Modify `tests/kernels.py` to use `api.start_loop("loop_var", start, end)` and `api.end_loop()` instead of native Python loops for faster compilation:

```python
@kernel(hbm=1024,
        input=[  # 4 vectors of 16 elements
            {'addr': 0, 'shape': (4, 16), 'dtype': np.int8},
        ],
        output=[  # Sum of the 4 vectors
            {'addr': 256, 'shape': (16,), 'dtype': np.int8},
        ])
def loop_kernel():
    api.load(dst=0, addr=0)  # Load first vector to initialize reg[0]

    api.start_loop("i", 1, 4)             # (End value is exclusive)
    api.load(dst=1, addr=f"16 * %i + 0")  # Load vector i
    api.add(dst=0, src1=0, src2=1)        # Accumulate into dst=0
    api.end_loop()

    api.store(src=0, addr=256)  # Store final accumulated result
```

## TAIDL API Reference

### Supported Operations

**Arithmetic Operations:**

- `add(A, B)` - Element-wise addition
- `subtract(A, B)` - Element-wise subtraction
- `multiply(A, B)` - Element-wise multiplication
- `divide(A, B)` - Element-wise division

**Math Functions:**

- `exp(A)` - Element-wise exponential
- `tanh(A)` - Element-wise hyperbolic tangent
- `maximum(A, B)` - Element-wise maximum
- `minimum(A, B)` - Element-wise minimum

**Logic Operations:**

- `xor(A, B)` - Bitwise XOR

**Shape Operations:**

- `reshape(A)` - Reshape tensor
- `transpose(A, dimensions={...})` - Transpose tensor
- `concatenate(A)` - Concatenate tensors
- `slice(A, slice={...})` - Extract slice
- `dynamic_update_slice(A, B, dims)` - Update slice

**Data Type Operations:**

- `convert(A)` - Convert data type
- `bitcast_convert(A)` - Bitcast conversion

**Linear Algebra:**

- `dot(A, B, lhs_batch_dims={...}, lhs_contracting_dims={...}, rhs_batch_dims={...}, rhs_contracting_dims={...})` - Matrix multiplication

**Broadcast & Constants:**

- `broadcast(A)` - Broadcast tensor
- `broadcast_type(A)` - Type-aware broadcast
- `constant(value)` - Create constant tensor

**Reduction:**

- `reduce(A, B, dims, operation)` - Reduce along dimensions.
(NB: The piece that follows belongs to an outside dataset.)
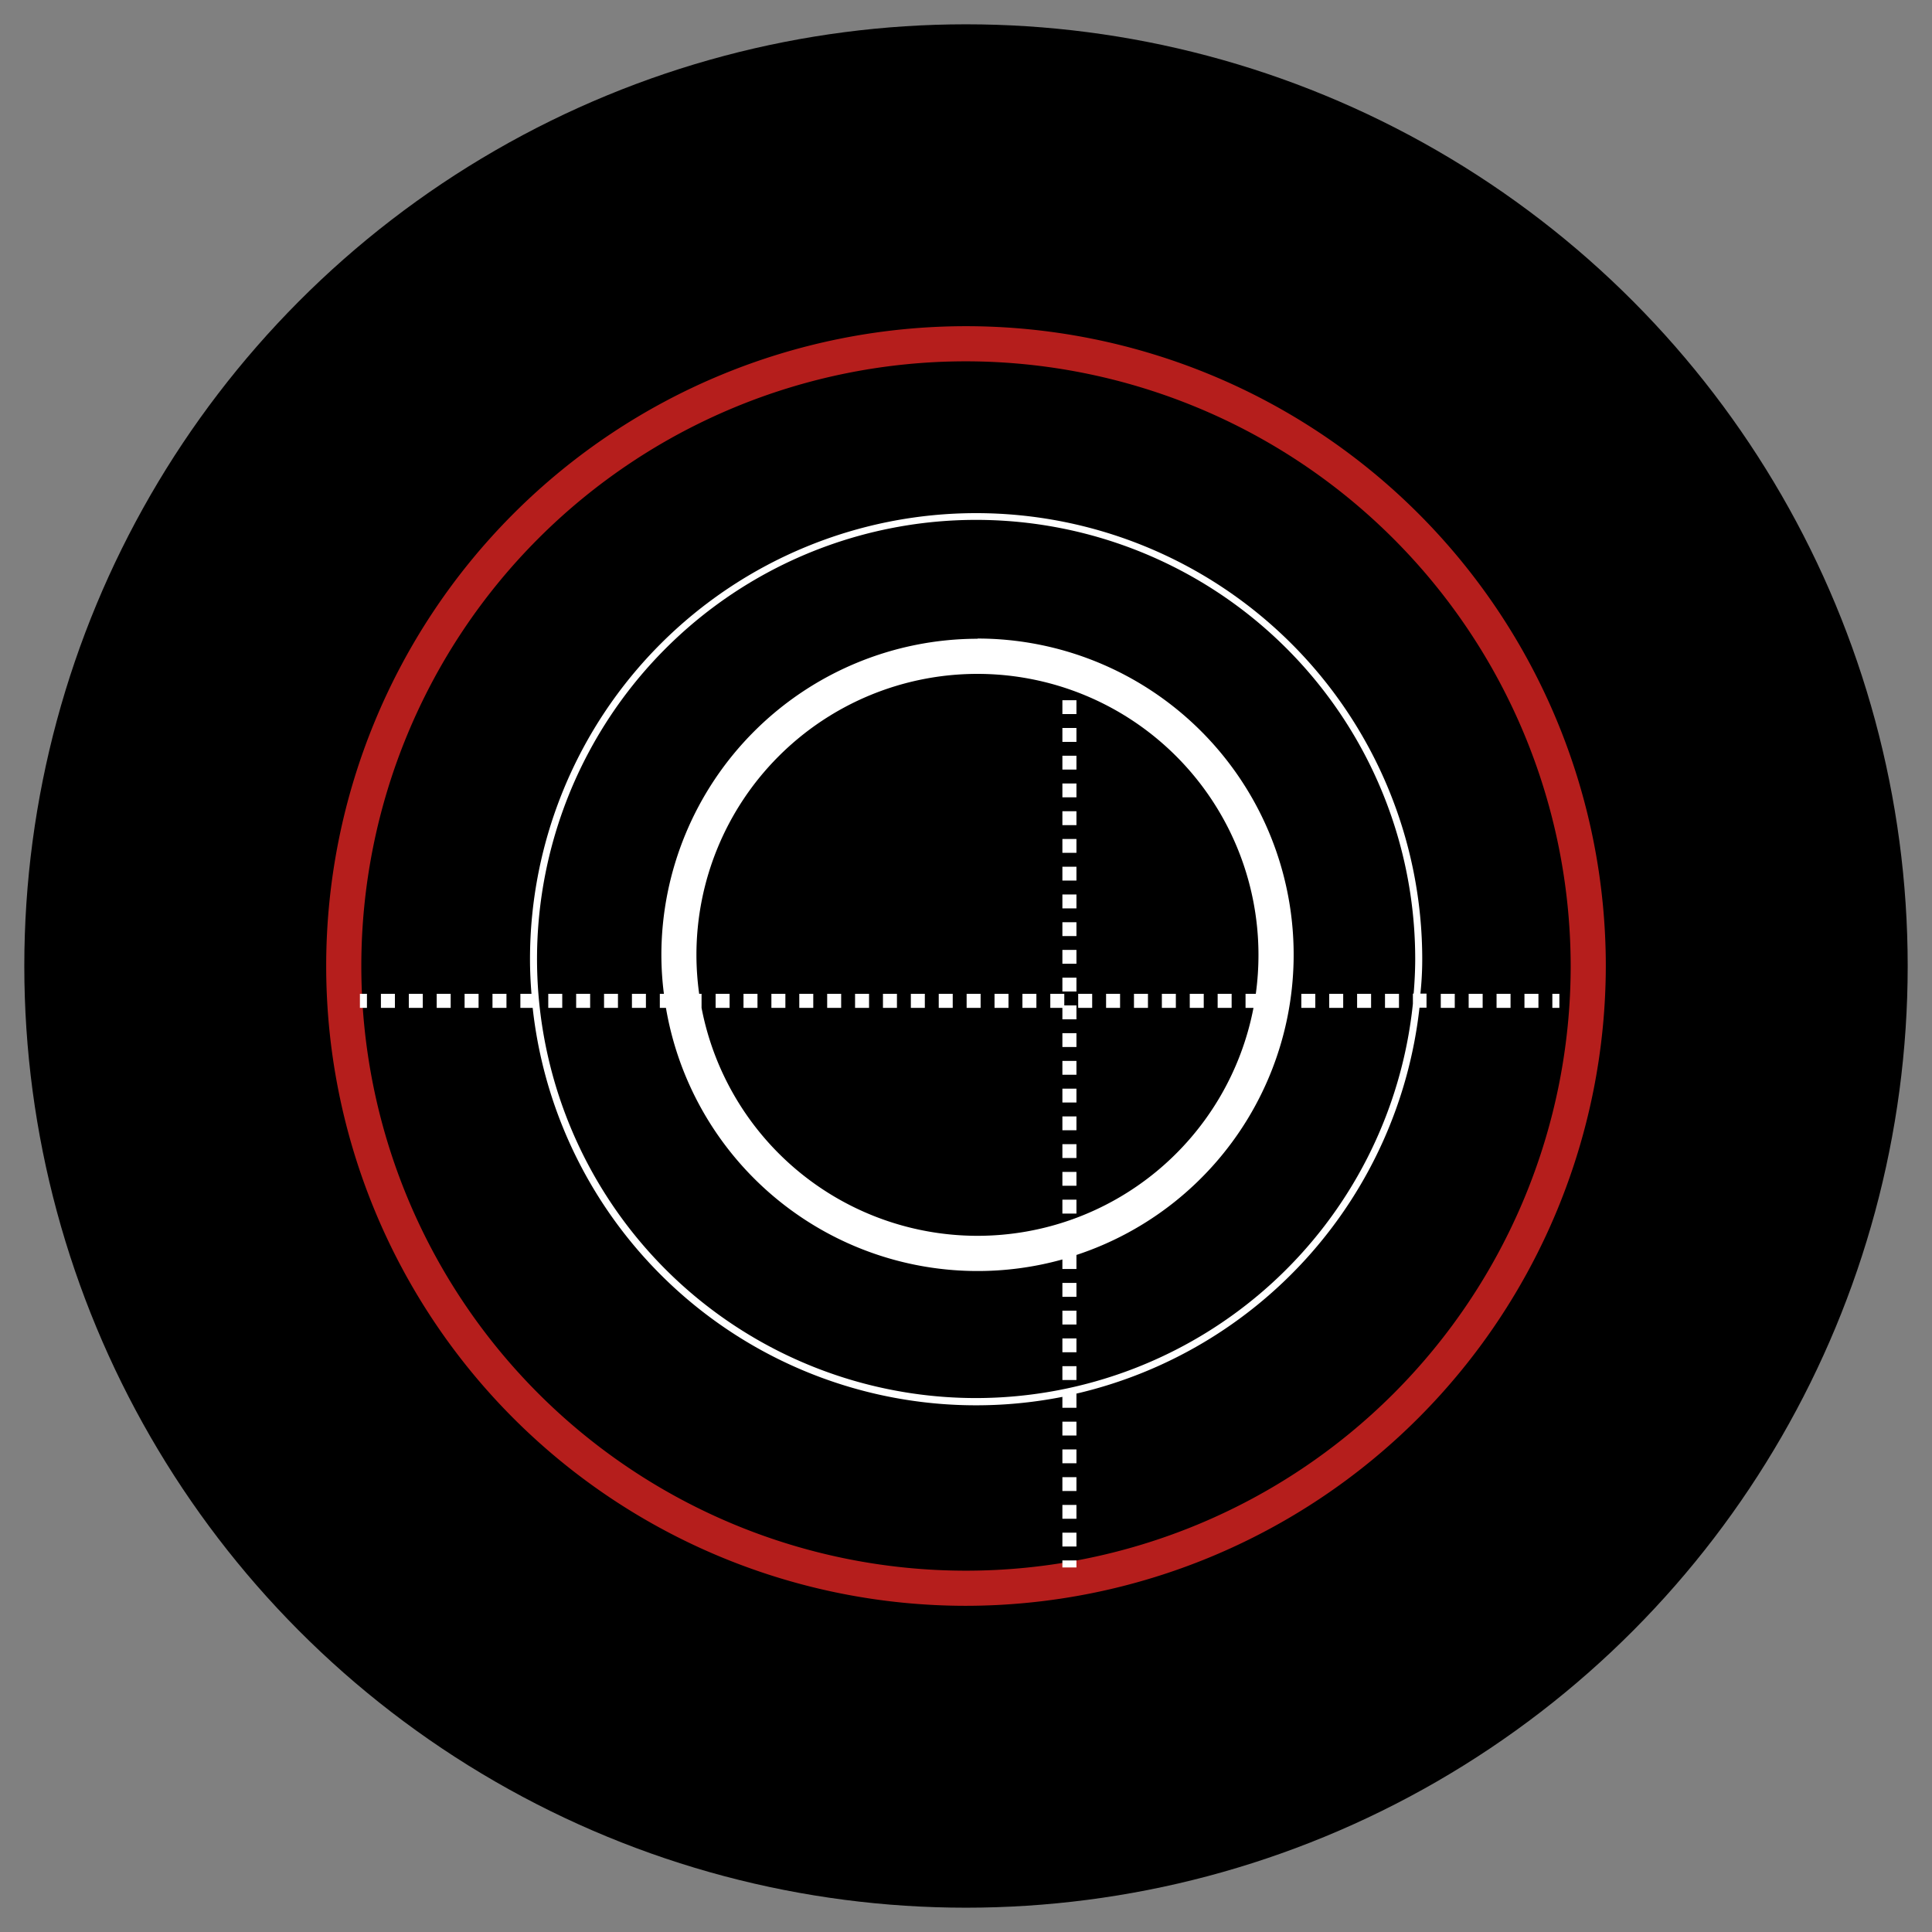 <?xml version="1.0" encoding="UTF-8"?> <svg xmlns="http://www.w3.org/2000/svg" viewBox="0 0 275 275"><rect x="0" y="0" width="275" height="275" fill="#808080" stroke="none"/><defs><style>.cls-1{fill:#b51e1c;}.cls-2{fill:#fff;}</style></defs><g id="Calque_2" data-name="Calque 2"><circle cx="137.5" cy="137.5" r="134.04"></circle><path d="M137.5,227.92a90.42,90.42,0,1,1,90.42-90.42A90.52,90.52,0,0,1,137.5,227.92Zm0-177.13a86.71,86.71,0,1,0,86.71,86.71A86.81,86.81,0,0,0,137.5,50.79Z"></path><path class="cls-1" d="M137.5,228.57a91.07,91.07,0,1,1,91.07-91.07A91.18,91.18,0,0,1,137.5,228.57Zm0-177.14a86.07,86.07,0,1,0,86.07,86.07A86.17,86.17,0,0,0,137.5,51.43Z"></path><path class="cls-2" d="M139.14,90.92a45.05,45.05,0,0,0-45,45,43.94,43.94,0,0,0,.36,5.54h-.58v2h.87a45,45,0,0,0,56.43,35.81v1.36h2v-2h0a45,45,0,0,0-14.07-87.74Zm39.61,50.54h-1.46v2h1.13a40,40,0,0,1-78.56,0h0v-2h-.34a40.48,40.48,0,0,1-.39-5.54,40,40,0,0,1,80,0A40.48,40.48,0,0,1,178.75,141.46Z"></path><path class="cls-2" d="M202.44,136.54a63.5,63.5,0,0,0-127,0c0,1.66.08,3.29.21,4.92H74.07v2h1.75a63.49,63.49,0,0,0,75.4,55.37v1.55h2v-2h-.06a63.63,63.63,0,0,0,48.89-54.95h1v-2h-.87C202.35,139.83,202.44,138.2,202.44,136.54ZM138.94,199a62.5,62.5,0,1,1,62.5-62.49c0,1.66-.09,3.29-.22,4.92h-.11v1.44A62.58,62.58,0,0,1,138.94,199Z"></path><rect class="cls-2" x="151.22" y="147.06" width="2" height="1.97"></rect><rect class="cls-2" x="151.22" y="151.01" width="2" height="1.97"></rect><rect class="cls-2" x="151.22" y="139.16" width="2" height="1.97"></rect><rect class="cls-2" x="151.22" y="127.32" width="2" height="1.98"></rect><rect class="cls-2" x="151.22" y="123.37" width="2" height="1.97"></rect><rect class="cls-2" x="151.22" y="119.42" width="2" height="1.97"></rect><rect class="cls-2" x="151.22" y="115.47" width="2" height="1.98"></rect><rect class="cls-2" x="151.22" y="154.96" width="2" height="1.97"></rect><rect class="cls-2" x="151.22" y="135.21" width="2" height="1.97"></rect><rect class="cls-2" x="151.22" y="131.27" width="2" height="1.97"></rect><rect class="cls-2" x="151.22" y="186.56" width="2" height="1.97"></rect><rect class="cls-2" x="151.22" y="190.51" width="2" height="1.97"></rect><rect class="cls-2" x="151.22" y="158.91" width="2" height="1.97"></rect><rect class="cls-2" x="151.22" y="182.61" width="2" height="1.98"></rect><rect class="cls-2" x="151.22" y="194.46" width="2" height="1.97"></rect><rect class="cls-2" x="151.22" y="162.86" width="2" height="1.97"></rect><rect class="cls-2" x="151.22" y="170.76" width="2" height="1.98"></rect><rect class="cls-2" x="151.22" y="166.81" width="2" height="1.97"></rect><rect class="cls-2" x="151.22" y="103.62" width="2" height="1.98"></rect><rect class="cls-2" x="151.22" y="202.36" width="2" height="1.97"></rect><rect class="cls-2" x="151.22" y="210.26" width="2" height="1.97"></rect><rect class="cls-2" x="151.22" y="218.16" width="2" height="1.97"></rect><rect class="cls-2" x="151.22" y="214.21" width="2" height="1.97"></rect><rect class="cls-2" x="151.22" y="206.31" width="2" height="1.97"></rect><rect class="cls-2" x="151.22" y="99.67" width="2" height="1.97"></rect><rect class="cls-2" x="151.22" y="107.57" width="2" height="1.97"></rect><rect class="cls-2" x="151.22" y="111.52" width="2" height="1.97"></rect><rect class="cls-2" x="151.22" y="222.11" width="2" height="1"></rect><rect class="cls-2" x="51.23" y="141.46" width="1" height="2"></rect><rect class="cls-2" x="58.19" y="141.46" width="1.99" height="2"></rect><rect class="cls-2" x="105.83" y="141.46" width="1.99" height="2"></rect><rect class="cls-2" x="109.8" y="141.46" width="1.99" height="2"></rect><rect class="cls-2" x="101.86" y="141.46" width="1.99" height="2"></rect><rect class="cls-2" x="62.16" y="141.46" width="1.99" height="2"></rect><rect class="cls-2" x="54.22" y="141.46" width="1.99" height="2"></rect><rect class="cls-2" x="82.01" y="141.46" width="1.99" height="2"></rect><rect class="cls-2" x="78.04" y="141.46" width="1.99" height="2"></rect><rect class="cls-2" x="216.99" y="141.46" width="1.99" height="2"></rect><rect class="cls-2" x="89.95" y="141.46" width="1.99" height="2"></rect><rect class="cls-2" x="66.13" y="141.46" width="1.99" height="2"></rect><rect class="cls-2" x="70.1" y="141.46" width="1.99" height="2"></rect><rect class="cls-2" x="85.98" y="141.46" width="1.98" height="2"></rect><rect class="cls-2" x="113.77" y="141.46" width="1.99" height="2"></rect><rect class="cls-2" x="185.23" y="141.46" width="1.99" height="2"></rect><rect class="cls-2" x="169.35" y="141.46" width="1.99" height="2"></rect><rect class="cls-2" x="173.32" y="141.46" width="1.99" height="2"></rect><rect class="cls-2" x="165.38" y="141.46" width="1.99" height="2"></rect><rect class="cls-2" x="189.2" y="141.46" width="1.99" height="2"></rect><rect class="cls-2" x="205.08" y="141.46" width="1.99" height="2"></rect><rect class="cls-2" x="193.17" y="141.46" width="1.99" height="2"></rect><rect class="cls-2" x="209.05" y="141.46" width="1.99" height="2"></rect><rect class="cls-2" x="213.02" y="141.46" width="1.99" height="2"></rect><rect class="cls-2" x="161.41" y="141.46" width="1.99" height="2"></rect><rect class="cls-2" x="197.14" y="141.46" width="1.99" height="2"></rect><rect class="cls-2" x="129.65" y="141.46" width="1.99" height="2"></rect><rect class="cls-2" x="117.74" y="141.46" width="1.99" height="2"></rect><rect class="cls-2" x="133.62" y="141.46" width="1.99" height="2"></rect><rect class="cls-2" x="137.59" y="141.46" width="1.99" height="2"></rect><rect class="cls-2" x="125.68" y="141.46" width="1.99" height="2"></rect><rect class="cls-2" x="121.71" y="141.46" width="1.99" height="2"></rect><rect class="cls-2" x="157.44" y="141.46" width="1.99" height="2"></rect><rect class="cls-2" x="141.56" y="141.46" width="1.99" height="2"></rect><rect class="cls-2" x="153.47" y="141.46" width="1.99" height="2"></rect><polygon class="cls-2" points="151.49 141.46 149.5 141.46 149.5 143.46 151.22 143.46 151.22 145.09 153.22 145.09 153.22 143.11 151.49 143.11 151.49 141.46"></polygon><rect class="cls-2" x="145.53" y="141.46" width="1.99" height="2"></rect><rect class="cls-2" x="220.96" y="141.46" width="1" height="2"></rect></g></svg>

Right now,
  the only options for `operation` are `add_f32`, `max_f32`. (ADD MORE)

**Conditionals:**

- `select_lt(A, B, C, D)` - Select based on less-than comparison
- `clamp(min, A, max)` - Clamp values to range

### Control Flow

**Conditionals:**

```
IF(condition)
{
    // statements
}
```

**Loops\*:**

```
REPEAT(variable, range)
{
    // statements using @l.variable
}
```

\* While REPEAT blocks are supported, it is _highly_ recommended for speed of compilation that you modify your tensor shapes and operations so a REPEAT is not necessary. We have an example of this in TAIDL_AMX.py where we have two versions of the instruction `tdpbusd`, one with and without REPEAT.